08 December 2006

UBS Analyst's Global Bank Recommendations

  
The Globe and Mail, David Parkinson, 8 December 2006

Owning a piece of a Canadian bank has become an expensive proposition. In fact, so expensive that analysts suggest investors should look outside the country if they want to add banks to their portfolios.

Analysts say bank stocks in other parts of the world, particularly Europe and emerging markets, are trading at considerably cheaper price-to-earnings valuations than Canadian banks, which have surged 20 per cent since June. Not only are these foreign bank stocks cheaper, but they also have a stronger earnings growth outlook heading into 2007. Even in terms of dividend yield, Canadian banks lag the global average.

"When you look globally, it's hard to make an argument to buy these [Canadian banks]," said Cameron Webster, head of research at investment management firm Sandstone Asset Management Inc. in Calgary.

Indeed, many global bank analysts are looking increasingly to emerging markets, where earnings growth potential looks particularly strong, or to Europe, where P/E valuations look particularly cheap. North America, where P/Es are relatively high, the economy is slowing, interest rates look poised to fall and earnings growth is slowing, has fallen out of favour.

In a new report from UBS Ltd., global banking analyst Philip Finch has assigned an "underweight" recommendation to both Canada and the United States -- the only regions receiving the investment bank's lowest rating.

The key issue with the Canadian banks is their valuation, which is running at almost 14 times their forecast 2007 earnings, compared with about 12 times for global banks as a whole. Banking stocks in Britain (10.3 times), Europe (11 times), emerging markets (11.8 times) and the United States (11.8 times) all offer better bargains.

"The valuations [in Canada] are getting pretty stretched," said Mr. Webster, noting that the typical P/E range for Canadian banks has historically been about 10 to 12 times.

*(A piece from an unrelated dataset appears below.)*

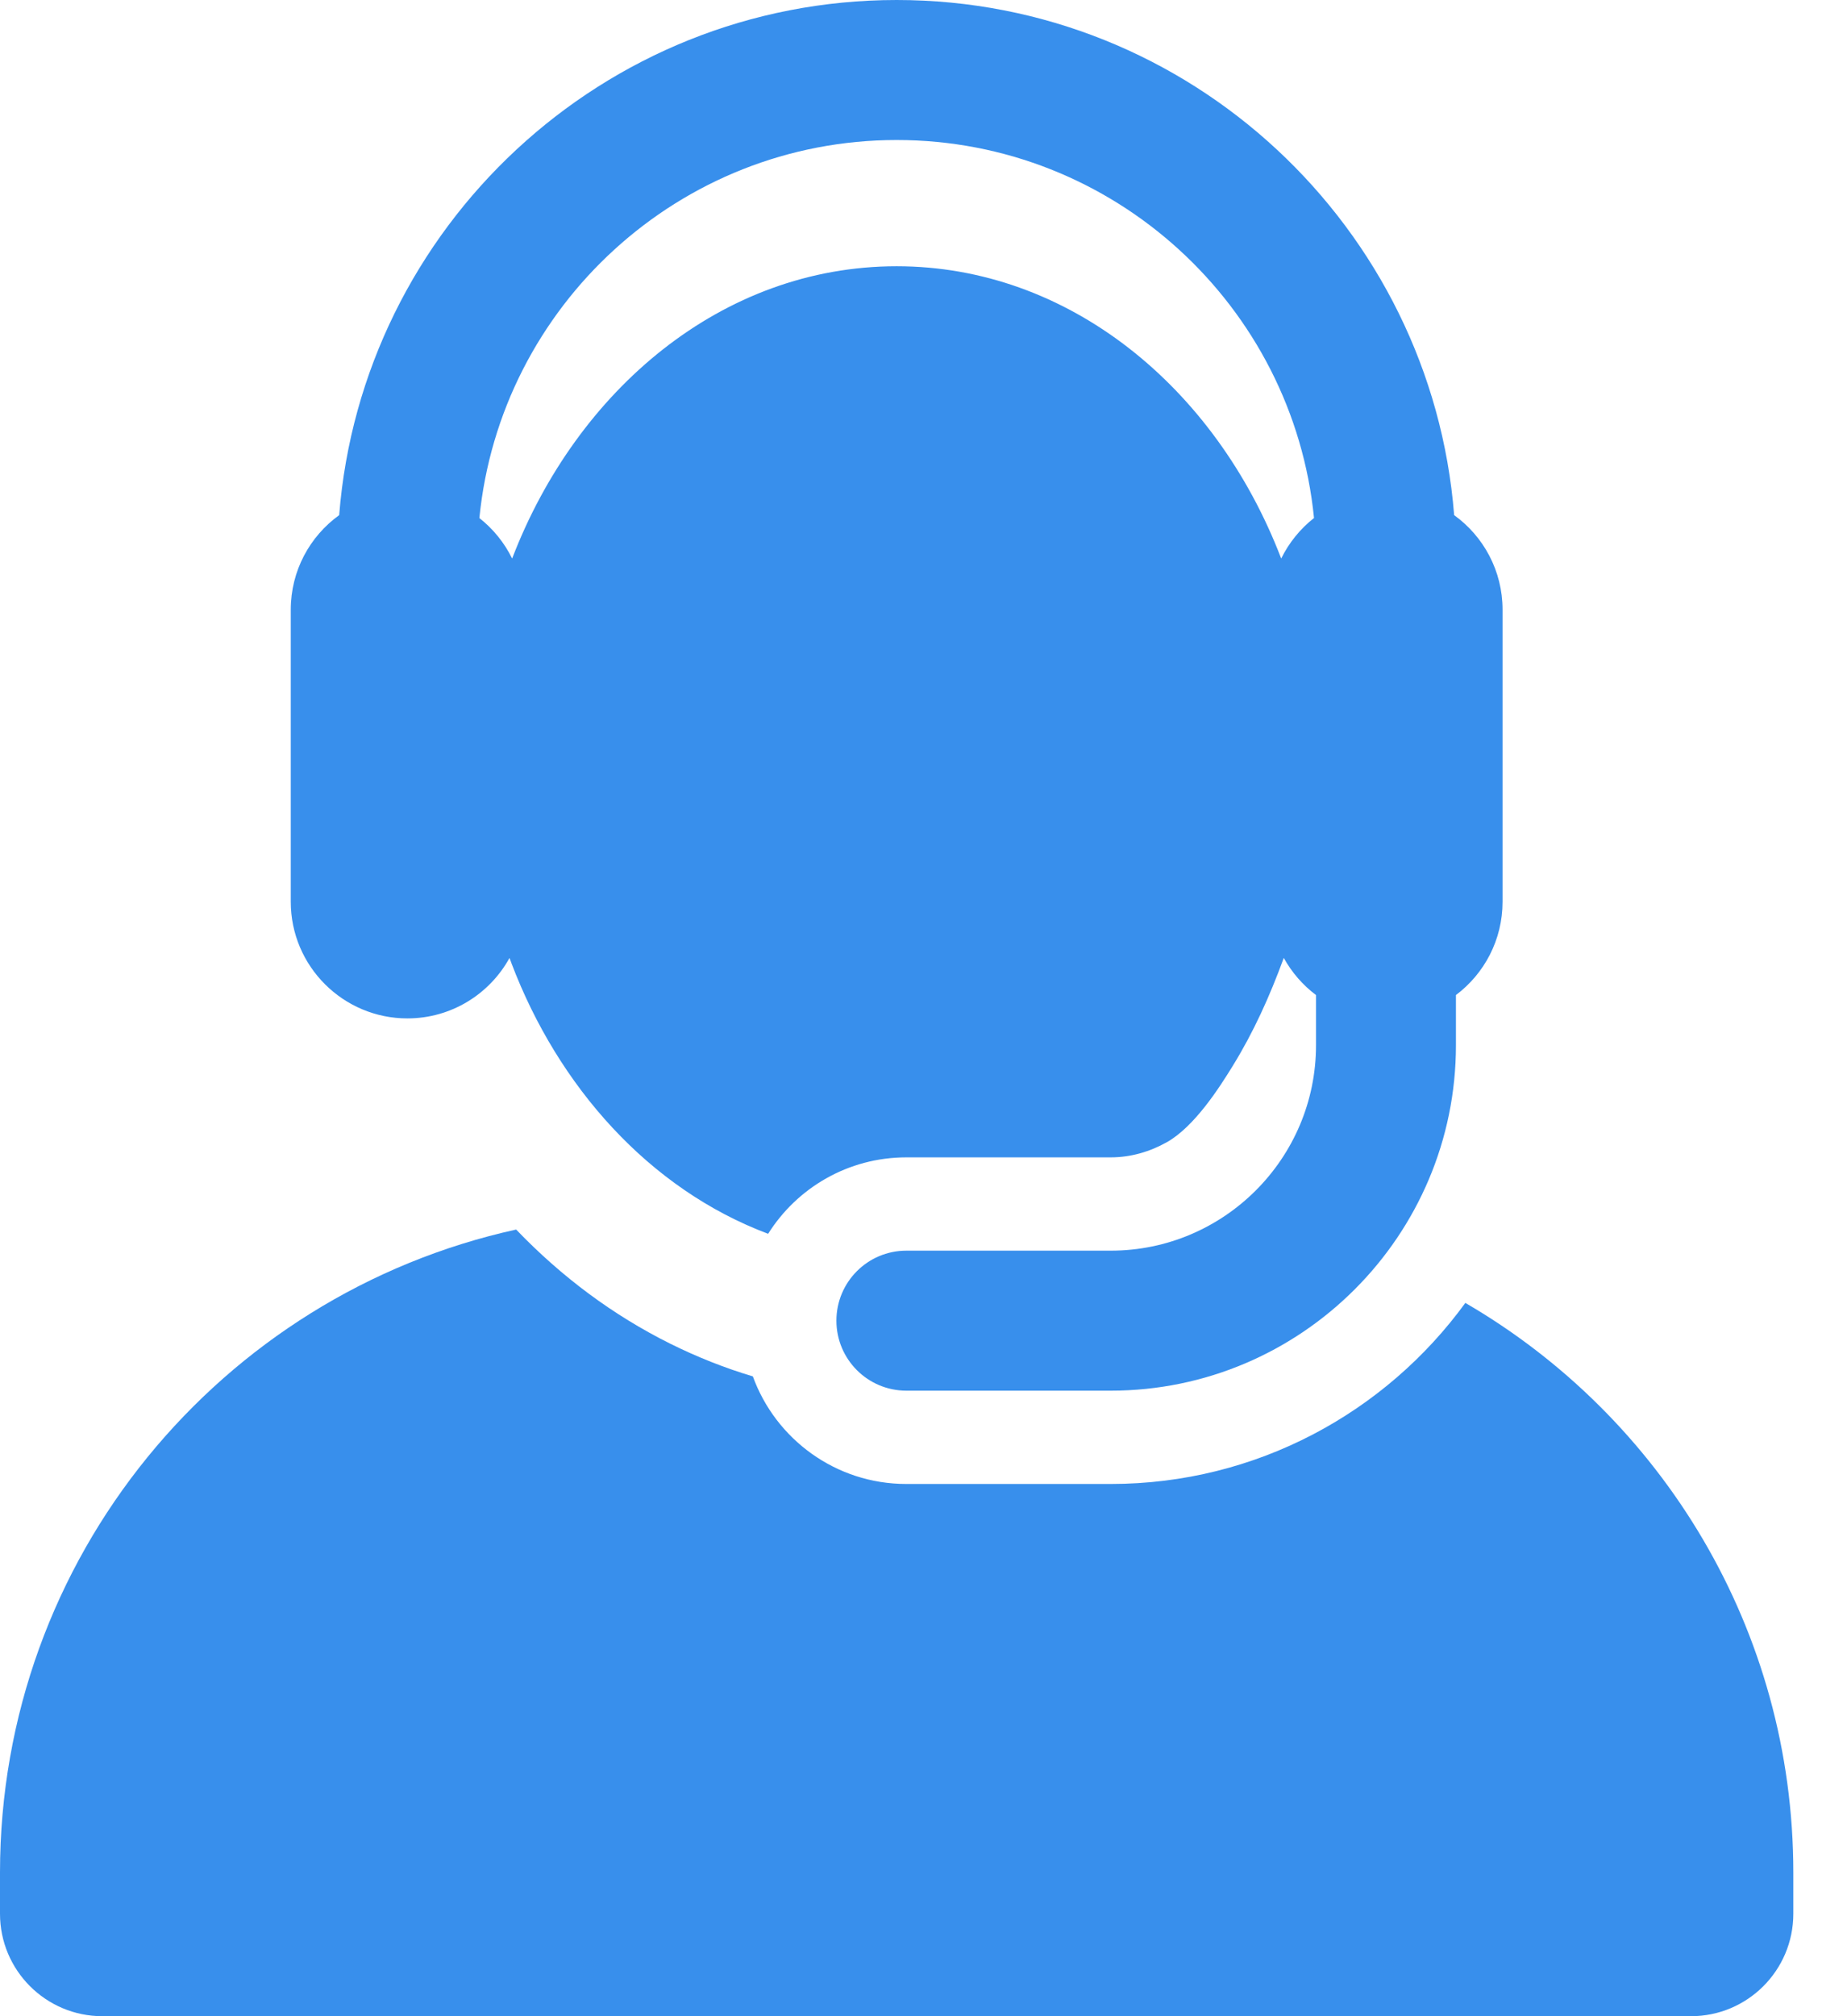 <svg width="33" height="36" viewBox="0 0 33 36" fill="none" xmlns="http://www.w3.org/2000/svg">
<path d="M26.181 23.264C24.756 25.222 22.446 26.497 19.844 26.497H16.193C14.932 26.497 13.858 25.696 13.451 24.576C12.949 24.426 12.457 24.231 11.977 23.993C10.959 23.487 10.036 22.802 9.222 21.954C3.948 23.113 0 27.813 0 33.436V34.171C0 35.181 0.819 36 1.829 36H30.212C31.222 36 32.041 35.181 32.041 34.171V33.436C32.041 29.092 29.685 25.299 26.181 23.264Z" fill="#388FEC"/>
<path d="M7.278 18.184C8.065 18.184 8.749 17.748 9.103 17.105C9.113 17.13 9.122 17.155 9.132 17.181C9.135 17.188 9.137 17.196 9.14 17.204C9.972 19.393 11.59 21.228 13.724 22.03C14.24 21.21 15.153 20.665 16.194 20.665H19.845C20.209 20.665 20.548 20.562 20.845 20.396C21.344 20.117 21.793 19.409 22.024 19.034C22.395 18.433 22.683 17.797 22.937 17.104C23.081 17.364 23.277 17.59 23.513 17.767V18.662C23.513 20.685 21.868 22.331 19.845 22.331H16.194C15.503 22.331 14.944 22.891 14.944 23.581C14.944 24.271 15.503 24.831 16.194 24.831H19.845C23.246 24.831 26.013 22.064 26.013 18.662V17.767C26.519 17.387 26.846 16.782 26.846 16.101V12.332V10.887C26.846 10.191 26.505 9.576 25.981 9.198C25.575 4.058 21.263 0 16.021 0C10.778 0 6.466 4.058 6.06 9.198C5.536 9.576 5.195 10.191 5.195 10.887V16.101C5.195 17.254 6.133 18.184 7.278 18.184ZM16.021 2.5C19.901 2.5 23.102 5.465 23.477 9.249C23.231 9.443 23.03 9.69 22.891 9.973C21.712 6.896 19.079 4.754 16.021 4.754C12.896 4.754 10.306 6.97 9.155 9.961C9.153 9.965 9.152 9.969 9.15 9.973C9.012 9.69 8.81 9.443 8.565 9.25C8.939 5.465 12.14 2.5 16.021 2.5Z" fill="#388FEC"/>
</svg>

A sector rotation away from cyclical stocks and into traditional safe havens has contributed to the strong performance of Canadian bank stocks in the second half of this year. But what pushed Canada's banks over the top was the exodus from the Canadian income trust sector, triggered by the federal government's Oct. 31 announcement that it planned to start taxing trusts' cash distributions. With investors looking for income-generating investments to replace the income from their trust holdings, they turned to other high-dividend sectors, and the banks were prime beneficiaries. The banking group is up more than 5 per cent since the trust tax announcement.

"We have a tough time justifying the relative valuation [compared with foreign banks]," said Martin Roberge, portfolio strategist at Montreal-based investment bank Versant Partners Inc.

Mr. Roberge said the relative valuations of Canadian versus foreign banks are at odds with their growth profiles. Profits at the Canadian banks are only expected to grow about 7 per cent next year -- "probably the first time in a decade that earnings growth will be single-digit" -- below the global average of about 8.5 per cent. In Britain and Europe, where bank stocks are trading at the cheapest multiples of any major global region, earnings are expected to grow about 9 per cent; in emerging markets, they are forecast to grow more than 20 per cent.

Sandstone's Mr. Webster points out that the cheapest PEG ratios -- a measure of stock value that takes growth into account by dividing the P/E to the annual percentage earnings growth -- are in Latin America and Europe, while Canadian banks carry some of the highest PEGs.

Those sorts of numbers explain why UBS's Mr. Finch doesn't have any Canadian banks on his global recommended list, which is dominated by European names, with a smattering of representation from emerging markets.

The list includes just one U.S. bank, Goldman Sachs.

"Within the global context, we continue to prefer Europe over the U.S.," he wrote. "In Europe, our overweight recommendation reflects the region's more favourable macro[economic] outlook, upside risk to bank earnings and attractive sector valuations."

UBS's top picks in Europe include BNP Paribas SA of France and Barclays Bank PLC of Britain, both of which have bargain-basement P/Es of 9.4 times. The list also includes Italy's UniCredit and Germany's Commerzbank AG.

Mr. Finch has an overweight rating on Japan -- where things can only get better, after a dismal 2006 in which lending margins slumped and profits shrank. His top Japanese pick is Sumitomo Mitsui Financial Group.

He has a neutral rating on Australia, where he believes valuations "to be full." He's also neutral on emerging markets, although within the emerging group he likes countries where the use of credit is poised to grow from low levels, such as Russia and Brazil.

Sandstone's Mr. Webster said Brazil looks particularly attractive as an emerging-markets bank play, noting that the country has a solid underlying economy and its consumer banking opportunities are still relatively untapped.

He also likes Standard Chartered Bank of Hong Kong, which has a P/E of about 12 times and forecast earnings growth "in the mid-teens."

Mr. Finch includes one Brazilian bank, Unibanco, on his recommended list, thanks to its cheap P/E of 9.3 times. His other emerging-market pick is Russia's Sberbank.